A snippet: _"Really quick history lesson on Neanderthals. They are not an
ancestor of modern humans. Homo neanderthalensis is descended from a separate
branch that split off from the evolutionary tree about 516,000 years ago,
according to some research published in Nature. Mitochondrial DNA studies have
shown conclusively that Homo neanderthalensis and Homo sapiens evolved
separately. As the Cro-Magnon Homo sapiens moved in across Europe about 45,000
years ago, Homo neanderthalensis was pushed out into little corners of the
world. The last known population died out in the vicinity of Gibraltar about
24,000 years ago, thus ending their approximately 300,000 year existence.

[...]

So now we've got a fair handle on the landscape of evidence in front of us,
and now we can take a skeptical look at what we've got. Basically, nothing. We
have some vaguely plausible hypotheses — yeah, I suppose it's possible that
relic Neanderthals and Gigantopithecus or even some descendant of Paranthropus
could survive in remote parts of Asia — but that's all we really have, a
hypothesis. A hypothesis is a provisional explanation for these stories of
wildmen in captivity and bearing children."_

------
com
Apart from discussions on the quality of headline writers in popular and
specialist scientific journals, I find it really interesting that the "out of
Africa" hypothesis seems to need to merge with the multicentric model of human
evolution.

Add to that the Denisova hominin sequencing (from the single toe bone that was
thought to be Neandertal of a population that may have diverged from the
African populations around 900kYA) and possible presence of up to a 4%
admixture in Papuan and Melanesian populations.
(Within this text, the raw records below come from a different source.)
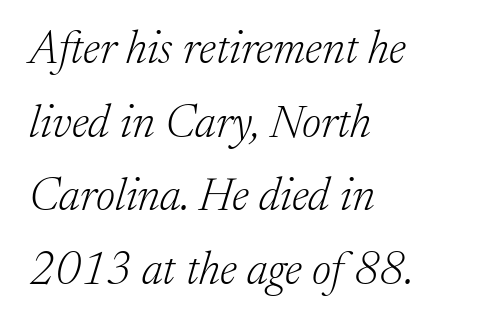
The image shows 46 px light serif type, italic (leaning right); set left-aligned, normal line spacing (1.6x), normal letter spacing, not underlined; low stroke contrast and a medium x-height.
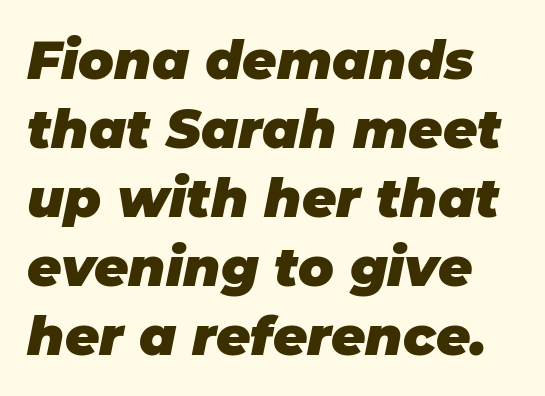
The image shows 53 px heavy type, italic (leaning right); set normal line spacing (1.3x), normal letter spacing, not underlined; low stroke contrast and a large x-height.
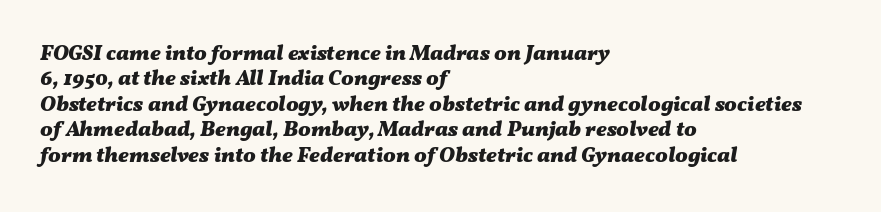
The image shows 21 px bold type, italic (leaning right); set left-aligned, line spacing 1.21x, normal letter spacing, not underlined.
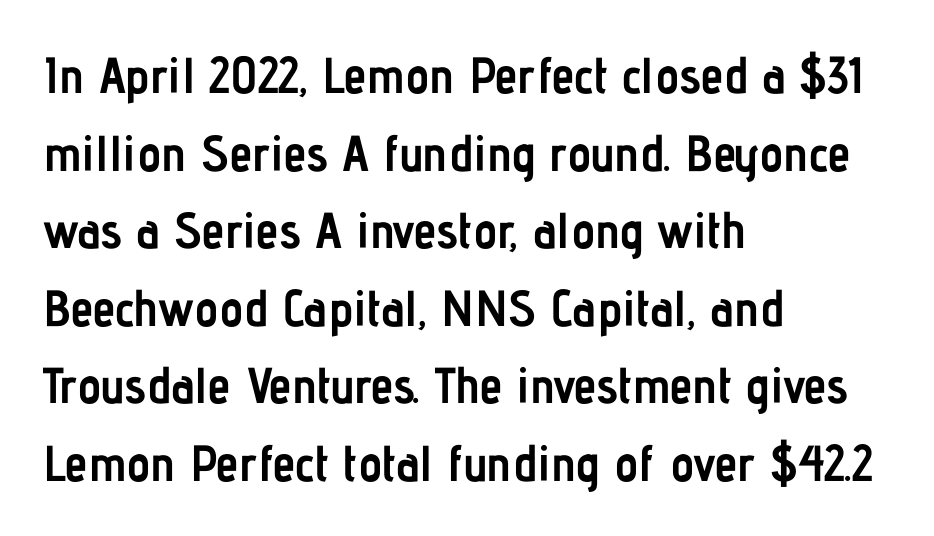
These lines stack with their left ends in a neat column. Does the lettering tilt? It doesn't — this is upright. Type style note: lacks serifs. Descender tails drop into unmarked territory. What weight is shown? A full bold with thick strokes. Words appear dense and cohesive because spacing is normal.
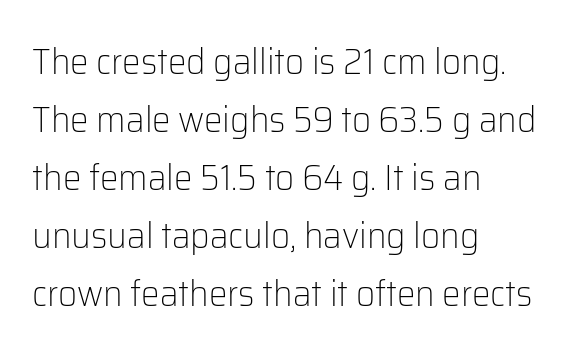
The image shows 37 px light sans-serif type, upright; set left-aligned, normal line spacing (1.57x), normal letter spacing, not underlined; low stroke contrast and a medium x-height.
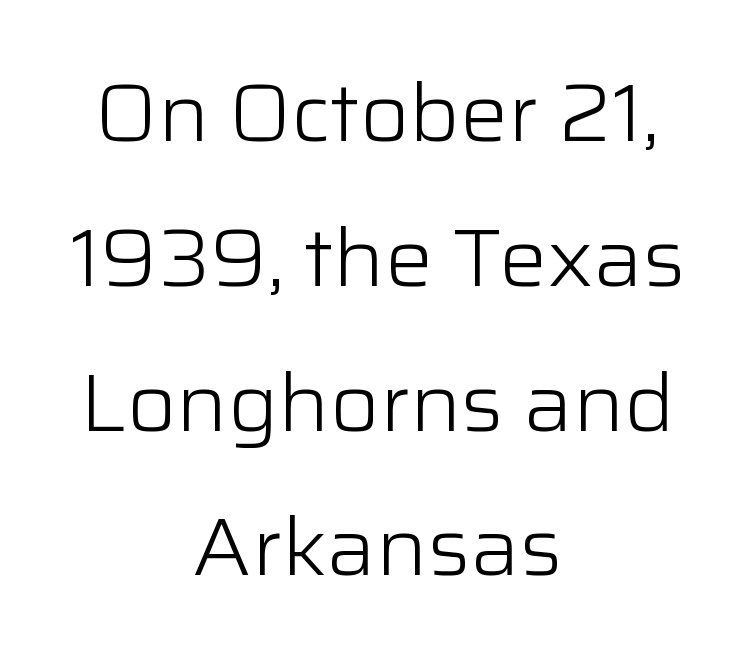
Q: Is the text bold? A: No.
Q: Is the text italic (slanted)? A: No, it is upright.
Q: Is the typeface a serif or a sans-serif typeface? A: Sans-serif.
Q: Is the text underlined? A: No.
Q: How is the paragraph aligned? A: Centered.
Q: Is the spacing between letters normal or unusually wide? A: Normal.
Q: Width (condensed, normal, or wide)? A: Normal.
Q: Stroke contrast? A: Low.
Q: x-height? A: Medium.
Q: Monospaced? A: No.
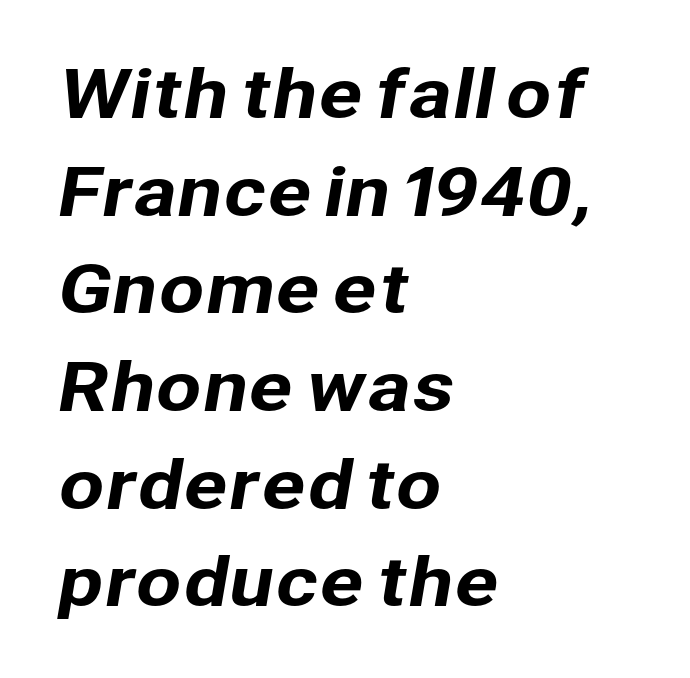
{"serif": "no", "width": "normal", "stroke_contrast": "low", "x_height": "medium", "monospaced": "no", "underline": "no", "align": "left", "line_spacing": "normal", "line_spacing_ratio": 1.48, "letter_spacing": "normal", "letter_spacing_em": 0.0, "glyph_px": 66}
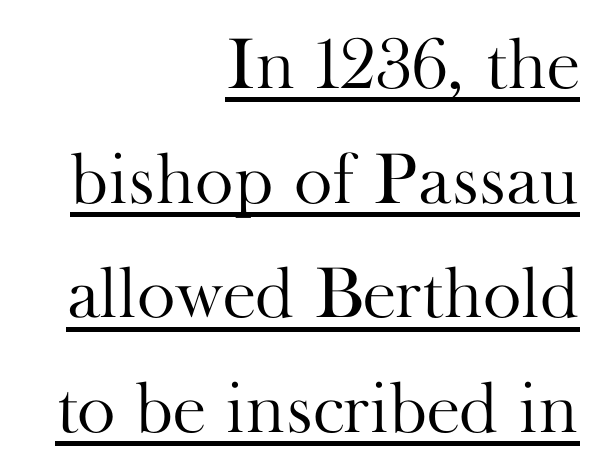
The image shows 73 px light serif type, upright; set right-aligned, normal line spacing (1.57x), normal letter spacing, underlined; high stroke contrast and a small x-height.
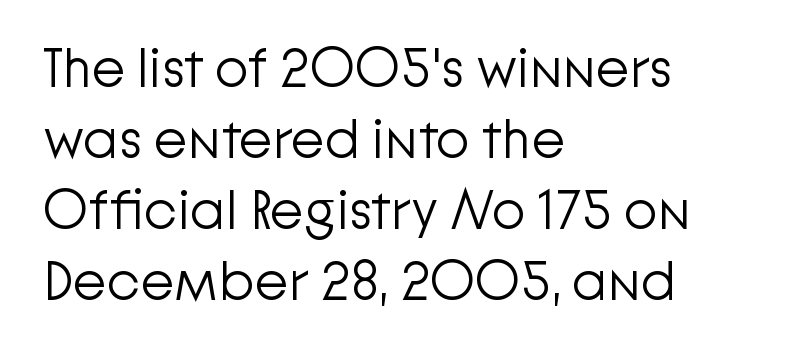
{"serif": "no", "italic": "no", "bold": "no", "weight": "light", "width": "normal", "stroke_contrast": "low", "x_height": "medium", "monospaced": "no", "underline": "no", "align": "left", "line_spacing": "normal", "line_spacing_ratio": 1.29, "letter_spacing": "normal", "letter_spacing_em": 0.0, "glyph_px": 55}
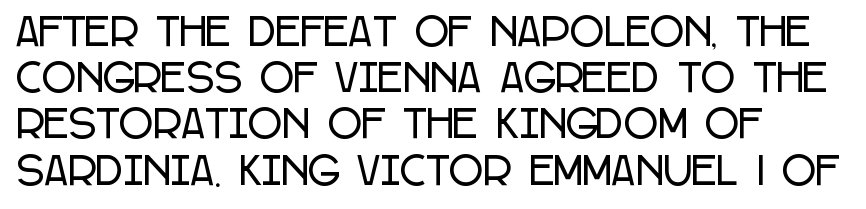
Note the varied advance widths — an 'i' is clearly narrower than an 'm'. The specimen reads as upright at a glance. Clear beneath every line of the passage. The letters sit at their default tracking, neither squeezed nor spread. I'd call this a sans setting — the letters go barefoot.
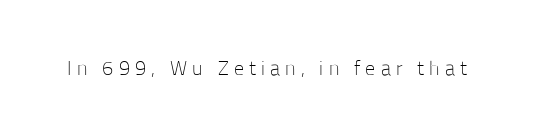
The image shows 20 px text type, upright; set unusually wide letter spacing (+0.26 em), not underlined.
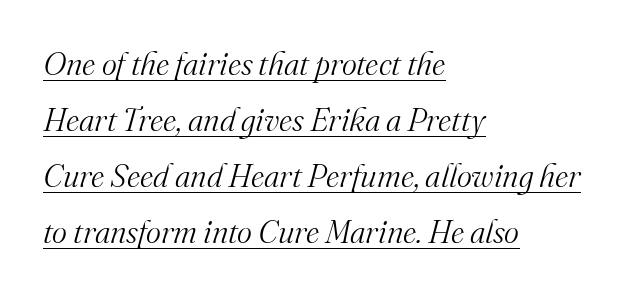
The image shows 32 px light serif type, italic (leaning right); set left-aligned, line spacing 1.75x, normal letter spacing, underlined; medium stroke contrast and a small x-height.
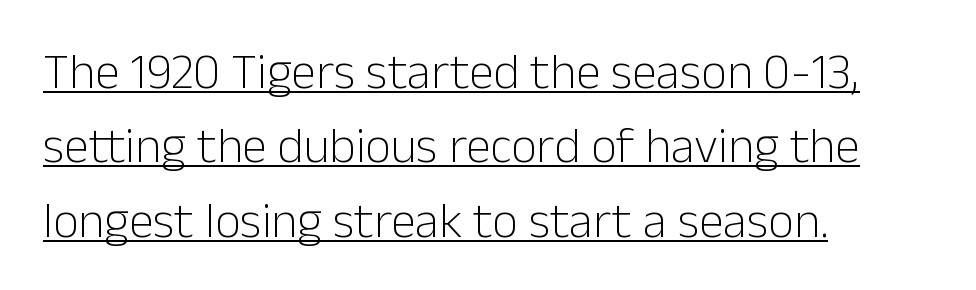
The face used here is proportionally spaced, like ordinary book or web type. Italic? Not at all — the glyphs are vertical. Every word sits above its own underline. Honestly, the letter spacing is just normal — you wouldn't notice it.
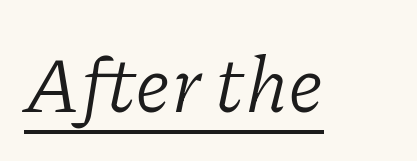
{"serif": "yes", "italic": "yes", "lean": "right", "slant_degrees": 11, "bold": "no", "weight": "light", "width": "normal", "stroke_contrast": "low", "x_height": "medium", "monospaced": "no", "underline": "yes", "letter_spacing": "normal", "letter_spacing_em": 0.0, "glyph_px": 79}
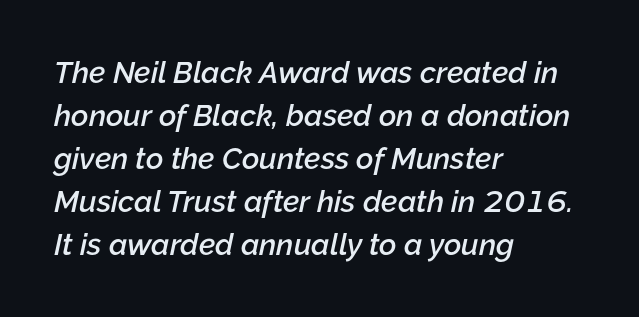
Q: Is the text bold? A: Semi-bold.
Q: Is the text italic (slanted)? A: Yes, it leans right by about 12 degrees.
Q: Is the text underlined? A: No.
Q: How is the paragraph aligned? A: Left-aligned.
Q: Is the spacing between letters normal or unusually wide? A: Normal.
Q: Is the spacing between lines tight, normal or loose? A: Normal.
Q: Width (condensed, normal, or wide)? A: Normal.
Q: Stroke contrast? A: Low.
Q: x-height? A: Medium.
Q: Monospaced? A: No.
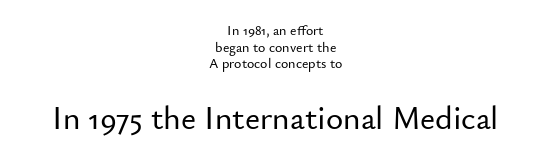
The image shows 33 px sans-serif type, upright; set centered, line spacing 1.19x, normal letter spacing, not underlined; the second (bottom) block is 2.36x larger; low stroke contrast and a small x-height.
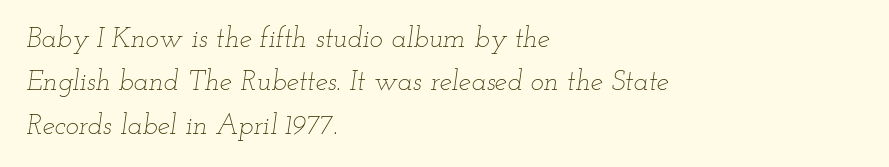
The image shows 28 px thin, wide type, italic (leaning right); set left-aligned, normal line spacing (1.55x), normal letter spacing, not underlined; low stroke contrast and a small x-height.
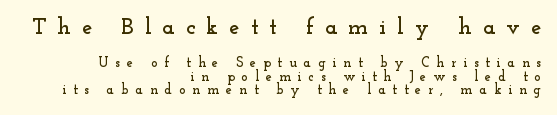
The image shows 23 px text type, upright; set right-aligned, tight line spacing (0.96x), unusually wide letter spacing (+0.48 em), not underlined; the first (top) block is 1.64x larger.
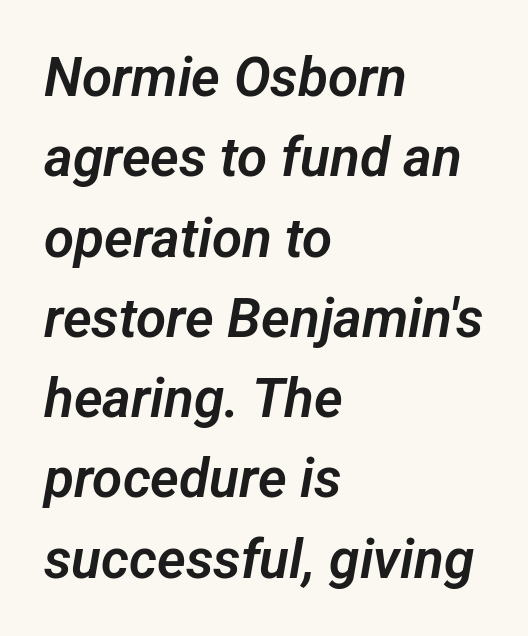
Q: Is the typeface a serif or a sans-serif typeface? A: Sans-serif.
Q: Is the text underlined? A: No.
Q: How is the paragraph aligned? A: Left-aligned.
Q: Is the spacing between letters normal or unusually wide? A: Normal.
Q: Is the spacing between lines tight, normal or loose? A: Normal.
Q: Width (condensed, normal, or wide)? A: Normal.
Q: Stroke contrast? A: Low.
Q: x-height? A: Medium.
Q: Monospaced? A: No.
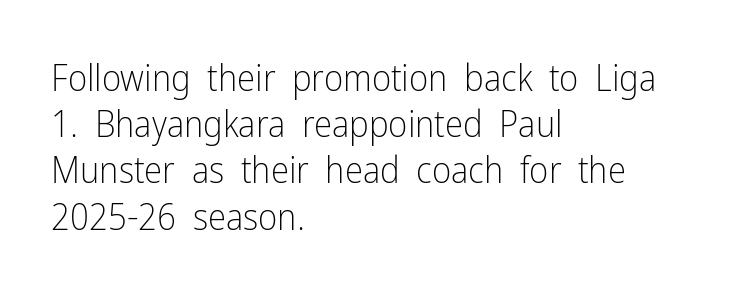
{"serif": "no", "italic": "no", "bold": "no", "weight": "light", "width": "condensed", "stroke_contrast": "low", "x_height": "medium", "monospaced": "no", "underline": "no", "align": "left", "line_spacing": "normal", "line_spacing_ratio": 1.25, "letter_spacing": "normal", "letter_spacing_em": 0.0, "glyph_px": 37}
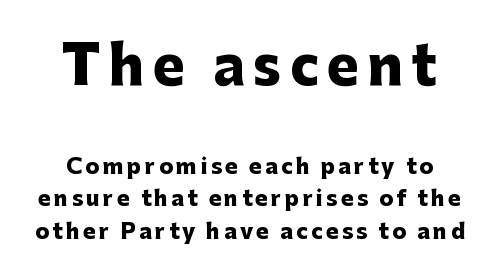
Q: Is the text bold? A: Yes.
Q: Is the text italic (slanted)? A: No, it is upright.
Q: Is the typeface a serif or a sans-serif typeface? A: Sans-serif.
Q: Is the text underlined? A: No.
Q: How is the paragraph aligned? A: Centered.
Q: Is the spacing between lines tight, normal or loose? A: Normal.
Q: Which block of text is set in a larger size, the first (top) or the second (bottom)? A: The first (top) one.
Q: Width (condensed, normal, or wide)? A: Normal.
Q: Stroke contrast? A: Low.
Q: x-height? A: Medium.
Q: Monospaced? A: No.
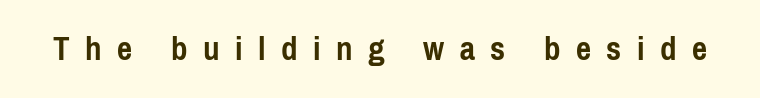
{"serif": "no", "italic": "no", "bold": "yes", "weight": "semibold", "width": "condensed", "stroke_contrast": "low", "x_height": "medium", "monospaced": "no", "underline": "no", "letter_spacing": "wide", "letter_spacing_em": 0.43, "glyph_px": 36}
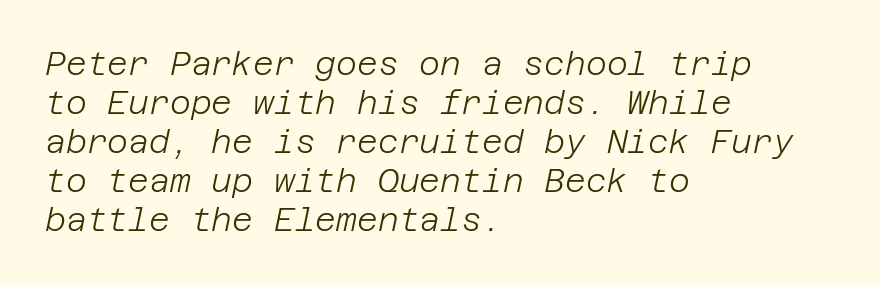
{"italic": "yes", "lean": "right", "slant_degrees": 12, "bold": "no", "weight": "light", "width": "normal", "stroke_contrast": "low", "x_height": "large", "underline": "no", "align": "left", "line_spacing_ratio": 1.22, "letter_spacing": "normal", "letter_spacing_em": 0.0, "glyph_px": 32}
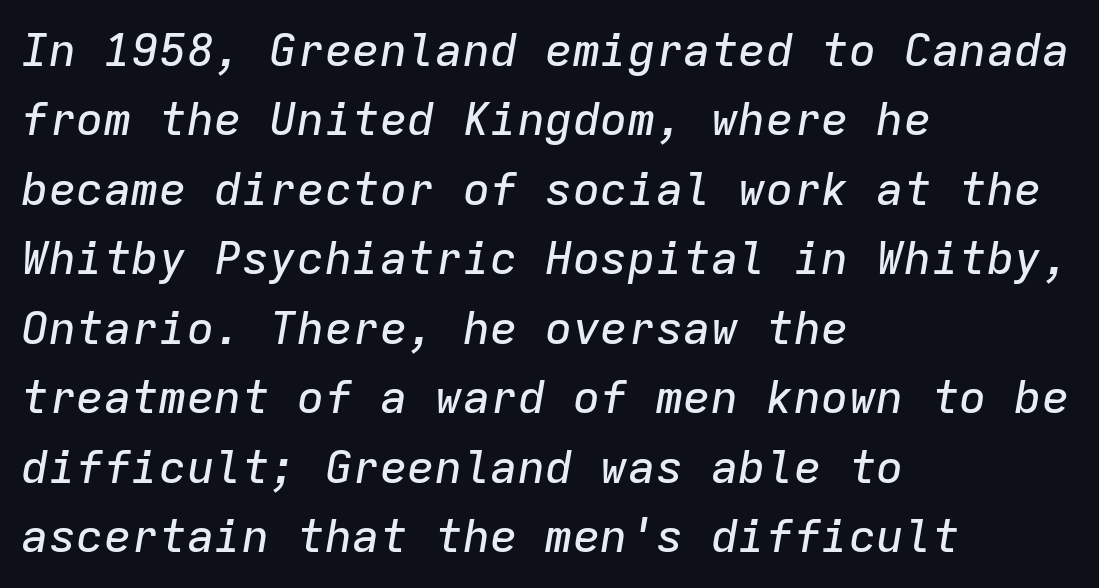
Q: Is the text italic (slanted)? A: Yes, it leans right by about 9 degrees.
Q: Is the text underlined? A: No.
Q: How is the paragraph aligned? A: Left-aligned.
Q: Is the spacing between letters normal or unusually wide? A: Normal.
Q: Is the spacing between lines tight, normal or loose? A: Normal.
Q: Width (condensed, normal, or wide)? A: Normal.
Q: Stroke contrast? A: Low.
Q: x-height? A: Medium.
Q: Monospaced? A: Yes.
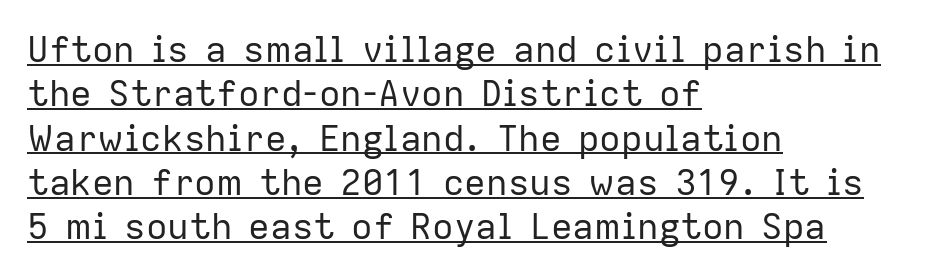
The image shows 36 px regular-weight sans-serif type, upright; set left-aligned, line spacing 1.23x, normal letter spacing, underlined; low stroke contrast and a medium x-height.
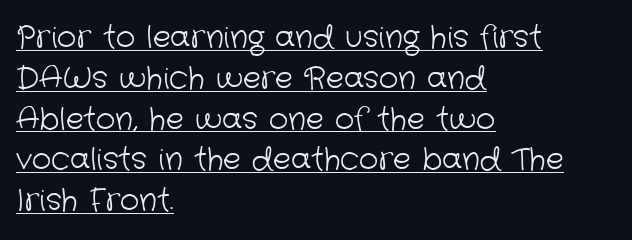
Is this a sans? Yes — the strokes have no serifs. The leading is moderate, giving the passage an even texture. Is there an underline? Yes — a line sits under the letters. The compositor pushed each line to the left boundary. This reads as an unemphasized weight, regular at the heaviest. The line texture is even and compact thanks to regular tracking.
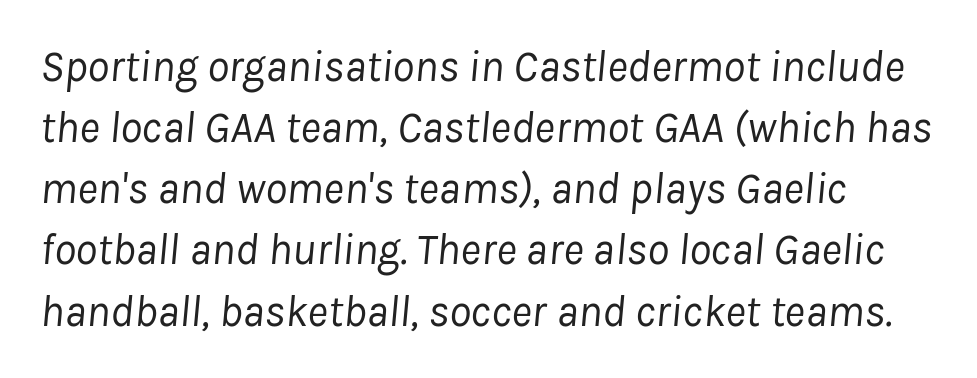
The image shows 44 px regular-weight type, italic (leaning right); set left-aligned, normal line spacing (1.39x), normal letter spacing, not underlined; low stroke contrast and a medium x-height.

It's exciting times to be interested in human evolution.

Remember that a 4% contribution is about what you might expect from a great-
great grandparent (although we're talking whole populations here, not specific
individuals).

My take home: the different clades of humans/hominins have been able to
recognise enough of themselves in others that they were able to mix and
interbreed. Early human prehistory wasn't just genocides and extinctions due
to overspecialisation and ecological change. Awesome!

------
meric
Are Neanderthals extinct? Not totally. Neither are dinosaurs 1.

[1]<http://en.wikipedia.org/wiki/Bird>

------
andrewflnr
With this and other discoveries regarding Neanderthals in mind, does it still
make sense to call them non-human in any meaningful sense? I would think the
fact that we all interbred would be enough to knock down the species barrier,
but I don't know for sure.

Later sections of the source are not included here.